Open Source

We gave 12 LLMs a startup to run for a year. GLM-5 nearly matched Claude Opus 4.6 at 11× lower cost.

A year-long startup simulation reveals GLM-5's cost-efficiency, performing within 5% of Opus for 1/11th the API cost.

Deep Dive

Collinear AI's new YC-Bench benchmark puts large language models through a grueling, year-long simulation where they act as the CEO of a startup. The environment features hundreds of decision points, delayed and sparse feedback, and a market where 35% of clients secretly inflate work requirements. The results, from testing 12 models with three random seeds each, reveal a stark performance hierarchy. Claude Opus 4.6 topped the leaderboard with an average of $1.27 million in final capital, but the real story is GLM-5, which came within 5% of Opus's performance at just $7.62 per API run—an 11x cost reduction compared to Opus's $86. GPT-5.4 placed third with $1.00 million, while all other models, including several that went bankrupt, failed to even maintain the starting $200,000.
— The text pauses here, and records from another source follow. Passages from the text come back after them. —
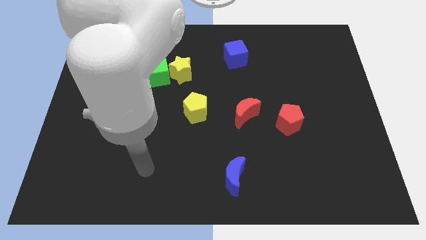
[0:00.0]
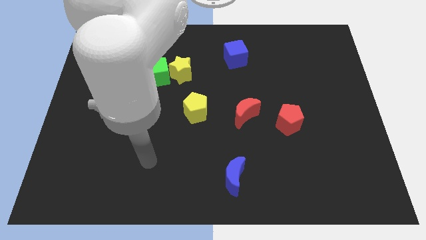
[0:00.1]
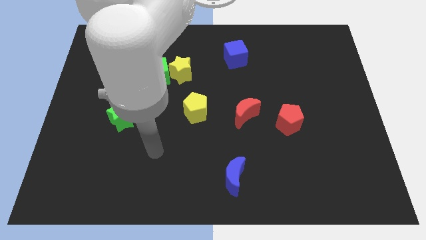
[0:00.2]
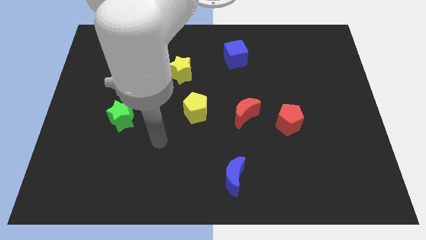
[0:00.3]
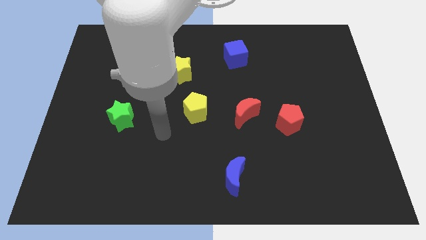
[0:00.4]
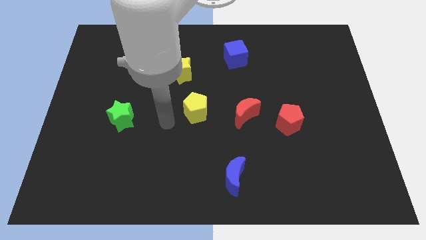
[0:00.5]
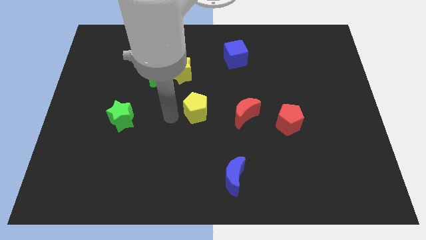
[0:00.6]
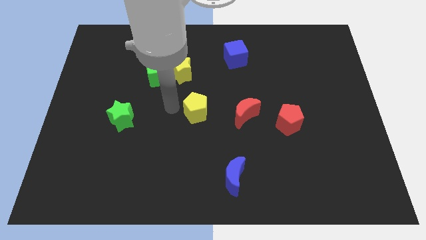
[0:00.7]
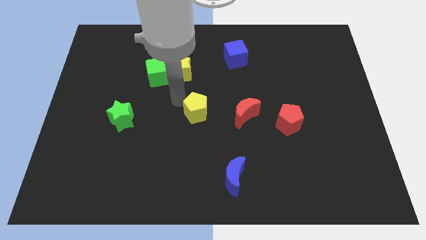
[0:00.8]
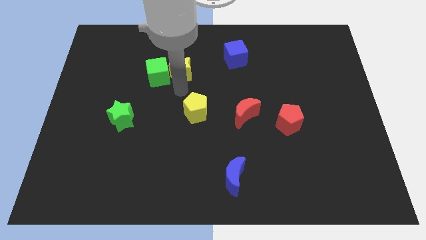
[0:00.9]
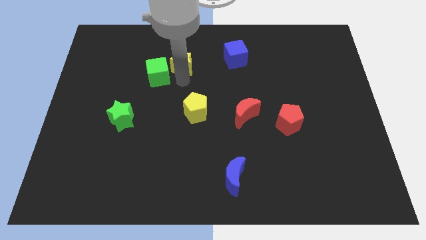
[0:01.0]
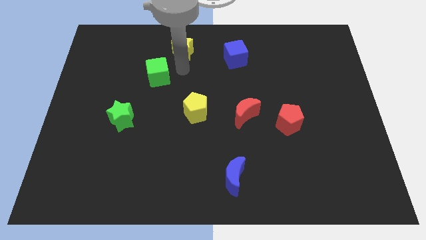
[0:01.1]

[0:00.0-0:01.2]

Beyond raw scores, the benchmark exposes a critical capability most evaluations miss: long-horizon coherence under delayed feedback. Success wasn't tied to model size or standard benchmark scores, but to whether the model consistently used a persistent scratchpad to record learnings. Top-performing models like Opus and GLM-5 actively maintained and rewrote their internal notes approximately 34 times per simulation run. In contrast, lower-performing models averaged between 0 and 2 scratchpad entries, often collapsing into strategic loops or abandoning plans. For developers building production agentic pipelines, the cost-efficiency curve is dramatic, with Kimi-K2.5 leading in revenue-per-API-dollar at 2.5x better than the next model. The fully open-source benchmark provides a new, rigorous test for real-world agentic reasoning.

Key Points
  • GLM-5 achieved $1.21M in final funds, within 5% of Claude Opus 4.6's $1.27M, but at an 11x lower API cost ($7.62 vs. $86 per run).
  • Long-horizon coherence was the key differentiator; top models actively used a persistent scratchpad, rewriting notes ~34 times per simulation.
  • The YC-Bench simulation is fully open-source and tests models over hundreds of turns with delayed feedback and deceptive clients, where 35% inflate work requirements.

Why It Matters

This benchmark provides a realistic, cost-focused evaluation for deploying AI agents in complex, long-term business scenarios, shifting focus from raw performance to operational efficiency.